適用業種である事業の事業所であって、常時5人以上の従業員を使用する事業所は適用事業所とされるが、事業所における従業員の員数の算定においては、適用除外の規定によって被保険者とすることができない者であっても、当該事業所に常時使用されている者は含まれる。

解答の根拠

昭和18年4月5日保発905号

根拠通達を確認します。

従業員の員数の算定は、その事業所に常時使用されるすべての者について計算すべきものとする。すなわち、健康保険の被保険者となるべき者はもちろん、法第3条第1項但書の規定によって被保険者とすることができない者であっても当該事業所に常時使用される者についてはこれを算入すべきものとする。

昭和18年4月5日保発905号

本肢は、「常時5人以上の従業員の要件」に関する問題です。

健康保険法上の適用事業所とされる人数要件に、被保険者要件を満たす者はもちろんカウントしますが、被保険者要件を満たさない者はカウントされるのかどうか…
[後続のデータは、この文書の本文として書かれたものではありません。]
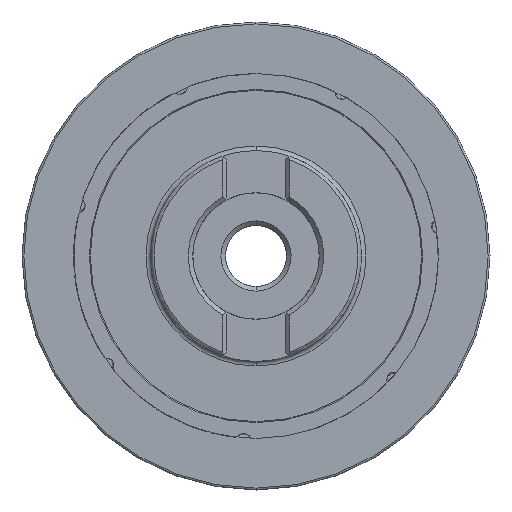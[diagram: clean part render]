
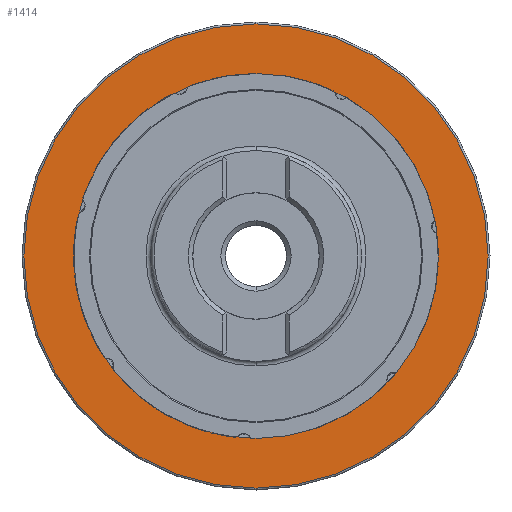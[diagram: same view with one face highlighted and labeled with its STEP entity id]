
A CAD part, left-side view. The second image highlights one B-rep face of the part: STEP entity #1414.
In plain terms, the highlighted planar face has unit normal (-1, 0, 0).
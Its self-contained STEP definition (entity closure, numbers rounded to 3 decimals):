
#120 = CARTESIAN_POINT ( 'NONE',  ( -3.8, 0., 0. ) ) ;
#168 = CARTESIAN_POINT ( 'NONE',  ( -3.8, 0., -49.6 ) ) ;
#281 = CARTESIAN_POINT ( 'NONE',  ( -3.8, 49.6, 0. ) ) ;
#338 = FACE_OUTER_BOUND ( 'NONE', #2354, .T. ) ;
#404 = DIRECTION ( 'NONE',  ( 0., 0., -1. ) ) ;
#410 = EDGE_CURVE ( 'NONE', #1988, #1314, #1745, .T. ) ;
#463 = ORIENTED_EDGE ( 'NONE', *, *, #2258, .F. ) ;
#554 = EDGE_CURVE ( 'NONE', #1314, #1988, #3545, .T. ) ;
#555 = DIRECTION ( 'NONE',  ( 0., 0., 1. ) ) ;
#597 = CIRCLE ( 'NONE', #2511, 49.6 ) ;
#697 = CARTESIAN_POINT ( 'NONE',  ( -3.8, 0., 0. ) ) ;
#804 = CARTESIAN_POINT ( 'NONE',  ( -3.8, 0., 0. ) ) ;
#923 = VERTEX_POINT ( 'NONE', #2159 ) ;
#978 = DIRECTION ( 'NONE',  ( 0., 0., -1. ) ) ;
#995 = FACE_BOUND ( 'NONE', #1898, .T. ) ;
#1104 = DIRECTION ( 'NONE',  ( 0., 0., -1. ) ) ;
#1152 = AXIS2_PLACEMENT_3D ( 'NONE', #697, #2679, #978 ) ;
#1249 = AXIS2_PLACEMENT_3D ( 'NONE', #281, #2240, #555 ) ;
#1314 = VERTEX_POINT ( 'NONE', #3003 ) ;
#1414 = ADVANCED_FACE ( 'NONE', ( #995, #338 ), #1955, .T. ) ;
#1624 = DIRECTION ( 'NONE',  ( 1., 0., 0. ) ) ;
#1745 = CIRCLE ( 'NONE', #2896, 39. ) ;
#1760 = EDGE_CURVE ( 'NONE', #923, #3553, #597, .T. ) ;
#1898 = EDGE_LOOP ( 'NONE', ( #3571, #2436 ) ) ;
#1918 = CIRCLE ( 'NONE', #1152, 49.6 ) ;
#1955 = PLANE ( 'NONE',  #1249 ) ;
#1988 = VERTEX_POINT ( 'NONE', #3335 ) ;
#2091 = DIRECTION ( 'NONE',  ( 1., 0., 0. ) ) ;
#2146 = AXIS2_PLACEMENT_3D ( 'NONE', #804, #2510, #1104 ) ;
#2159 = CARTESIAN_POINT ( 'NONE',  ( -3.8, 0., 49.6 ) ) ;
#2201 = ORIENTED_EDGE ( 'NONE', *, *, #1760, .F. ) ;
#2240 = DIRECTION ( 'NONE',  ( -1., 0., 0. ) ) ;
#2258 = EDGE_CURVE ( 'NONE', #3553, #923, #1918, .T. ) ;
#2354 = EDGE_LOOP ( 'NONE', ( #463, #2201 ) ) ;
#2436 = ORIENTED_EDGE ( 'NONE', *, *, #410, .T. ) ;
#2480 = CARTESIAN_POINT ( 'NONE',  ( -3.8, 0., 0. ) ) ;
#2510 = DIRECTION ( 'NONE',  ( 1., 0., 0. ) ) ;
#2511 = AXIS2_PLACEMENT_3D ( 'NONE', #120, #2091, #404 ) ;
#2679 = DIRECTION ( 'NONE',  ( 1., 0., 0. ) ) ;
#2896 = AXIS2_PLACEMENT_3D ( 'NONE', #2480, #1624, #3338 ) ;
#3003 = CARTESIAN_POINT ( 'NONE',  ( -3.8, 0., -39. ) ) ;
#3335 = CARTESIAN_POINT ( 'NONE',  ( -3.8, 0., 39. ) ) ;
#3338 = DIRECTION ( 'NONE',  ( 0., 0., -1. ) ) ;
#3545 = CIRCLE ( 'NONE', #2146, 39. ) ;
#3553 = VERTEX_POINT ( 'NONE', #168 ) ;
#3571 = ORIENTED_EDGE ( 'NONE', *, *, #554, .T. ) ;
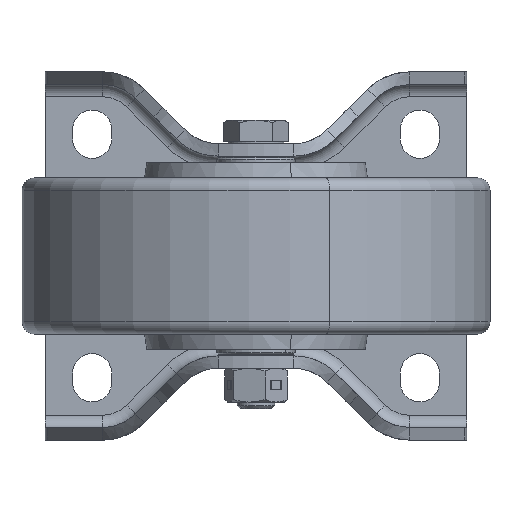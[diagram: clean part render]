
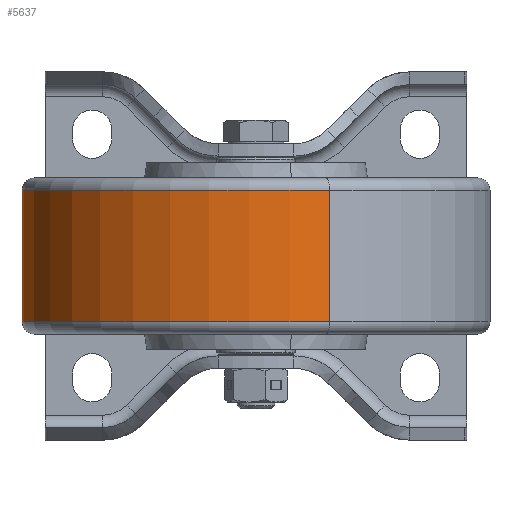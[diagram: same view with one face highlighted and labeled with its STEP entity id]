
A CAD part, front view. The second image highlights one B-rep face of the part: STEP entity #5637.
In plain terms, the highlighted cylindrical face has radius 75 mm (diameter 150 mm), a partial arc.
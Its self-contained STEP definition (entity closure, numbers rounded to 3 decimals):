
#569 = DIRECTION ( 'NONE',  ( 0., 0., -1. ) ) ;
#591 = CARTESIAN_POINT ( 'NONE',  ( -23.618, -49.816, 0. ) ) ;
#908 = CARTESIAN_POINT ( 'NONE',  ( 23.618, -192.184, 0. ) ) ;
#1000 = LINE ( 'NONE', #908, #14131 ) ;
#1409 = CARTESIAN_POINT ( 'NONE',  ( -23.618, -49.816, 21. ) ) ;
#1448 = VECTOR ( 'NONE', #5608, 1000. ) ;
#1756 = VERTEX_POINT ( 'NONE', #1409 ) ;
#2119 = EDGE_CURVE ( 'NONE', #9319, #16325, #1000, .T. ) ;
#2810 = DIRECTION ( 'NONE',  ( 0.315, -0.949, 0. ) ) ;
#3849 = EDGE_LOOP ( 'NONE', ( #6922, #12834, #12644, #15712 ) ) ;
#3893 = EDGE_CURVE ( 'NONE', #13408, #16325, #8563, .T. ) ;
#4969 = CARTESIAN_POINT ( 'NONE',  ( 0., -121., -21. ) ) ;
#5608 = DIRECTION ( 'NONE',  ( 0., 0., -1. ) ) ;
#5637 = ADVANCED_FACE ( 'NONE', ( #13384 ), #14169, .T. ) ;
#5758 = CARTESIAN_POINT ( 'NONE',  ( 0., -121., 0. ) ) ;
#6713 = DIRECTION ( 'NONE',  ( 0., 0., -1. ) ) ;
#6855 = CARTESIAN_POINT ( 'NONE',  ( -23.618, -49.816, -21. ) ) ;
#6922 = ORIENTED_EDGE ( 'NONE', *, *, #2119, .F. ) ;
#7521 = AXIS2_PLACEMENT_3D ( 'NONE', #4969, #13871, #11446 ) ;
#7582 = CARTESIAN_POINT ( 'NONE',  ( 23.618, -192.184, 21. ) ) ;
#7665 = AXIS2_PLACEMENT_3D ( 'NONE', #5758, #569, #8280 ) ;
#8280 = DIRECTION ( 'NONE',  ( -0.315, 0.949, 0. ) ) ;
#8563 = CIRCLE ( 'NONE', #7521, 75. ) ;
#9319 = VERTEX_POINT ( 'NONE', #7582 ) ;
#9439 = LINE ( 'NONE', #591, #1448 ) ;
#11398 = EDGE_CURVE ( 'NONE', #9319, #1756, #11415, .T. ) ;
#11415 = CIRCLE ( 'NONE', #12983, 75. ) ;
#11446 = DIRECTION ( 'NONE',  ( -0.315, 0.949, 0. ) ) ;
#11687 = CARTESIAN_POINT ( 'NONE',  ( 0., -121., 21. ) ) ;
#12644 = ORIENTED_EDGE ( 'NONE', *, *, #13885, .T. ) ;
#12834 = ORIENTED_EDGE ( 'NONE', *, *, #11398, .T. ) ;
#12983 = AXIS2_PLACEMENT_3D ( 'NONE', #11687, #6713, #2810 ) ;
#13384 = FACE_OUTER_BOUND ( 'NONE', #3849, .T. ) ;
#13408 = VERTEX_POINT ( 'NONE', #6855 ) ;
#13871 = DIRECTION ( 'NONE',  ( 0., 0., 1. ) ) ;
#13885 = EDGE_CURVE ( 'NONE', #1756, #13408, #9439, .T. ) ;
#14131 = VECTOR ( 'NONE', #14976, 1000. ) ;
#14169 = CYLINDRICAL_SURFACE ( 'NONE', #7665, 75. ) ;
#14976 = DIRECTION ( 'NONE',  ( 0., 0., -1. ) ) ;
#15712 = ORIENTED_EDGE ( 'NONE', *, *, #3893, .T. ) ;
#16325 = VERTEX_POINT ( 'NONE', #16360 ) ;
#16360 = CARTESIAN_POINT ( 'NONE',  ( 23.618, -192.184, -21. ) ) ;
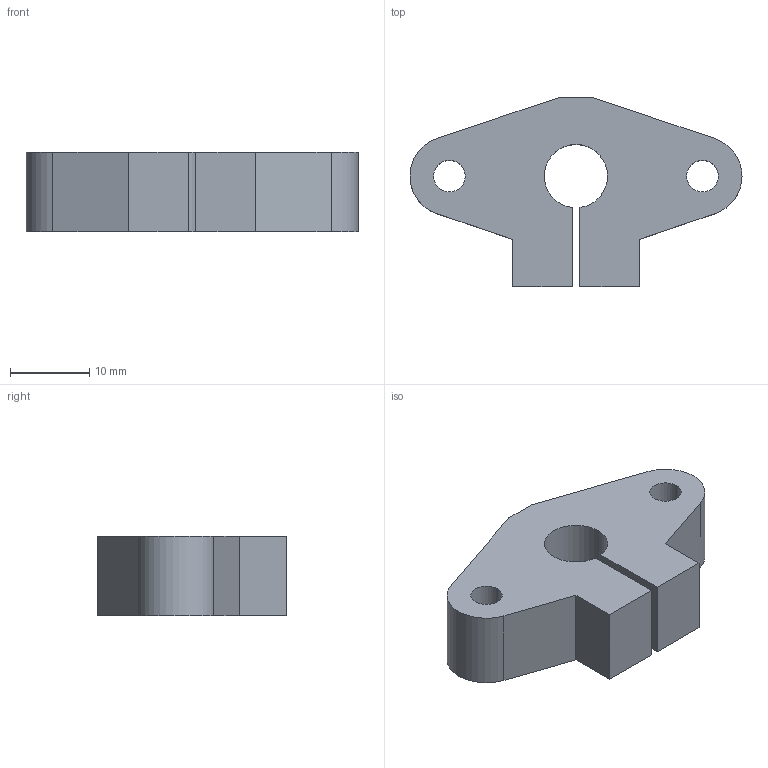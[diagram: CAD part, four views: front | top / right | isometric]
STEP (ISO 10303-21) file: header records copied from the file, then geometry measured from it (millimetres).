
FILE_DESCRIPTION (( 'STEP AP214' ), '1' );
FILE_NAME ('Shaft Support 8 mm flat.STEP', '2021-07-28T14:13:39', ( '' ), ( '' ), 'SwSTEP 2.0', 'SolidWorks 2019', '' );
FILE_SCHEMA (( 'AUTOMOTIVE_DESIGN' ));
Length unit declared in the file: millimetre
Products named in the file (1): Shaft Support 8 mm flat
Bounding box: 41.98 x 24 x 10 mm (x, y, z)
Volume: 5783.2 mm3; surface area: 2941.8 mm2
Topology: 1 solids, 1 shells, 23 faces, 63 edges, 42 vertices
Faces by surface type: plane 13, cylinder 10
Entity records: 1032 total; most frequent: DIRECTION 131, CARTESIAN_POINT 129, ORIENTED_EDGE 126, EDGE_CURVE 63, AXIS2_PLACEMENT_3D 44, VECTOR 43, LINE 43, VERTEX_POINT 42
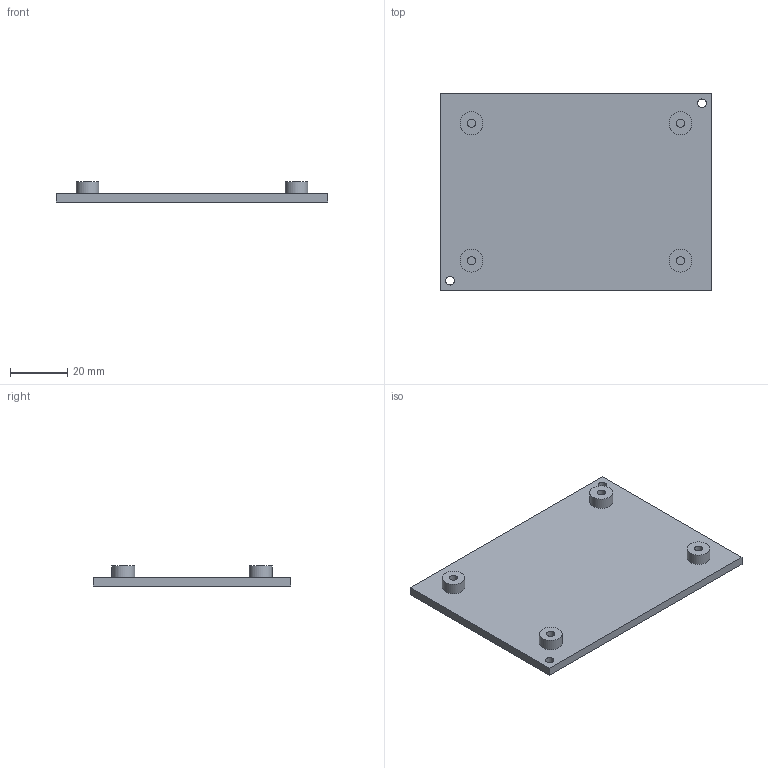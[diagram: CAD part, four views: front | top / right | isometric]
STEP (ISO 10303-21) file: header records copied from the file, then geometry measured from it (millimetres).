
FILE_DESCRIPTION(('FreeCAD Model'),'2;1');
FILE_NAME('Open CASCADE Shape Model','2022-01-10T18:06:03',('Author'),( ''),'Open CASCADE STEP processor 7.5','FreeCAD','Unknown');
FILE_SCHEMA(('AUTOMOTIVE_DESIGN { 1 0 10303 214 1 1 1 1 }'));
Length unit declared in the file: millimetre
Products named in the file (1): Pocket
Bounding box: 95 x 69 x 7 mm (x, y, z)
Volume: 20294.7 mm3; surface area: 14706.6 mm2
Topology: 1 solids, 1 shells, 24 faces, 42 edges, 28 vertices
Faces by surface type: plane 14, cylinder 10
Full cylindrical faces by diameter (mm): 2.9 x4, 3 x2, 8 x4
Entity records: 1186 total; most frequent: CARTESIAN_POINT 227, DIRECTION 188, LINE 86, VECTOR 86, ORIENTED_EDGE 84, PCURVE 84, DEFINITIONAL_REPRESENTATION 84, AXIS2_PLACEMENT_3D 45

こちらについては、上記根拠通達のとおり、「被保険者とすることができない者であっても、当該事業所に常時使用される者についてはこれを算入すべき」とされています。

被保険者となる者が何人いるか、ということが大事なのではなく、「どのくらいの規模の事業所なのか」が大事であることがわかりますね。

本肢は○となり、本問の正解となります。

健康保険法 令和5年第1問 B

厚生労働大臣は、全国健康保険協会(以下本問において「協会」という。)の事業若しくは財産の管理若しくは執行が法令、定款若しくは厚生労働大臣の処分に違反していると認めるときは、期間を定めて、協会又はその役員に対し、その事業若しくは財産の管理若しくは執行について違反の是正又は改善のため必要な措置を採るべき旨を命ずることができる。協会又はその役員が上記の是正・改善命令に違反したときは、厚生労働大臣は協会に対し、期間を定めて、理事長及び当該違反に係る役員の解任を命ずることができる。

解答の根拠

法第7条の39第2項

根拠条文を確認します。

(監督)
第七条の三十九 
2 協会又はその役員が前項の命令に違反したときは、厚生労働大臣は、協会に対し、期間を定めて、当該違反に係る役員の全部又は一部の解任を命ずることができる。

健康保険法

本肢は、「監督」に関する問題です。

とても細かい内容相違問題です。

問題文…理事長及び当該違反に係る役員の解任を命ずることができる。
正しくは…当該違反に係る役員の全部又は一部の解任を命ずることができる。

つまり、解任を命ずることができる対象に、「理事長」は含まれません

本肢は×です。

健康保険法 令和5年第1問 C

全国健康保険協会は、役員として、理事長1人、理事6人以内及び監事2人を置く。役員の任期は3年とする。理事長に事故があるとき、又は理事長が欠けたときは、理事の互選により選ばれた者がその職務を代理し、又はその職務を行う。

解答の根拠

法第7条の10第2項

根拠条文を確認します。

(役員の職務)
第七条の十
2 理事長に事故があるとき、又は理事長が欠けたときは、理事のうちから、あらかじめ理事長が指定する者がその職務を代理し、又はその職務を行う。

健康保険法

本肢は、「役員の職務」に関する問題です。

本肢も細かい内容相違問題です。

●理事長に事故・理事長が欠けたとき…
問題文…理事の互選により選ばれた者がその職務を代理し、又はその職務を行う。
正しくは…理事のうちから、あらかじめ理事長が指定する者がその職務を代理し、又はその職務を行う

つまり、自分(理事長)のピンチヒッターを務める者は、理事長自身が指定する、となります。

本肢は×です。

健康保険法 令和5年第1問 D

健康保険組合の役員若しくは職員又はこれらの職にあった者は、健康保険事業に関して職務上知り得た秘密をその理由の如何を問わず漏らしてはならない。

解答の根拠

法第7条の37第1項 / 法第22条の2

根拠条文を確認します。

(秘密保持義務)
第七条の三十七 協会の役員若しくは職員又はこれらの職にあった者は、健康保険事業に関して職務上知り得た秘密を正当な理由がなく漏らしてはならない。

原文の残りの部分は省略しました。